All rewards are supposed to be indefinite unless stated otherwise by overloading this method. The responsibility of evaluating the reward only when necessary is delegated to compute. This allows for complex evaluation logics beyond terminal or non-terminal without restriction.
Note
Truncation is not consider the same as termination. The reward to not be evaluated in such a case, which means that it will never be for such episodes.
- abstract property is_normalized: bool¶
Whether the reward is guaranteed to be normalized, ie it is in range [0.0, 1.0].
- abstract compute(terminated, info)[source]¶
Compute the reward.
Note
Return value can be set to None to indicate that evaluation was skipped for some reason, and therefore the reward must not be taken into account when computing the total reward.

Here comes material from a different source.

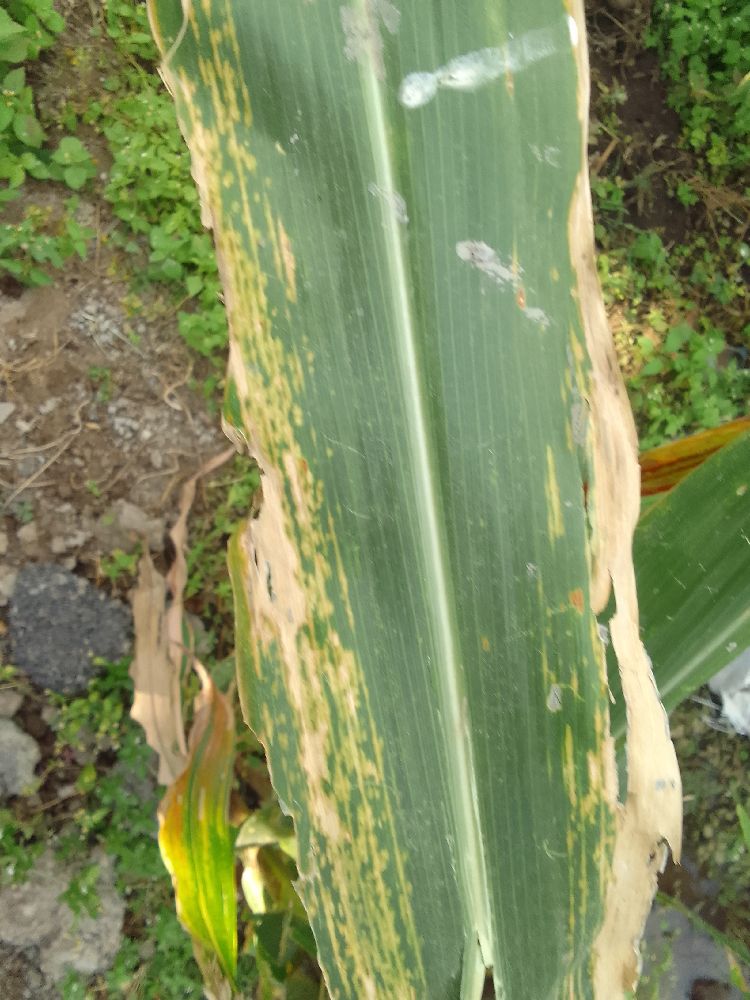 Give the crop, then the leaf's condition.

maize, maize lethal necrosis

This is useful when the reward is undefined or simply inappropriate in the current state of the environment.
Warning
It is the responsibility of the practitioner overloading this method to honor flags ‘is_terminated’ (if not indefinite) and ‘is_normalized’. Failing this, an exception will be raised.
- Parameters:
- Returns:
Scalar value if the reward was evaluated, None otherwise.
- Return type:
float | None
- class gym_jiminy.common.bases.compositions.QuantityReward(env, name, quantity, transform_fn, is_normalized, is_terminal)[source]¶
Bases:
AbstractReward
,Generic
[ValueT
]Convenience class making it easy to derive reward components from generic quantities.

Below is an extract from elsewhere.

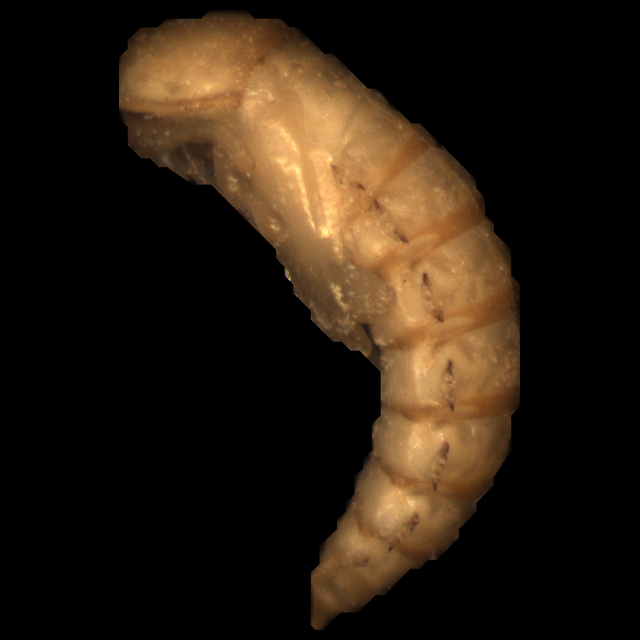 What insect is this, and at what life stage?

mealworm pupa

All this class does is applying some user-specified post-processing to the value of a given multi-variate quantity to return a floating-point scalar value, eventually normalized between 0.0 and 1.0 if desired.
- Parameters:
env (InterfaceJiminyEnv) – Base or wrapped jiminy environment.
name (str) – Desired name of the reward. This name will be used as key for storing current value of the reward in ‘info’, and to add the underlying quantity to the set of already managed quantities by the environment. As a result, it must be unique otherwise an exception will be raised.
quantity (Tuple[Type[InterfaceQuantity[ValueT]], Dict[str, Any]]) – Tuple gathering the class of the underlying quantity to use as reward after some post-processing, plus any keyword-arguments of its constructor except ‘env’, and ‘parent’.
transform_fn (Callable[[ValueT], float] | None) – Transform function responsible for aggregating a multi-variate quantity as floating-point scalar value to maximize. Typical examples are np.min, np.max, lambda x: np.linalg.norm(x, order=N). This function is also responsible for rescaling the transformed quantity in range [0.0, 1.0] if the reward is advertised as normalized. The Radial Basis Function (RBF) kernel is the most common choice to derive a reward to maximize from errors based on distance metrics (See radial_basis_function for details.). None to skip transform entirely if not necessary.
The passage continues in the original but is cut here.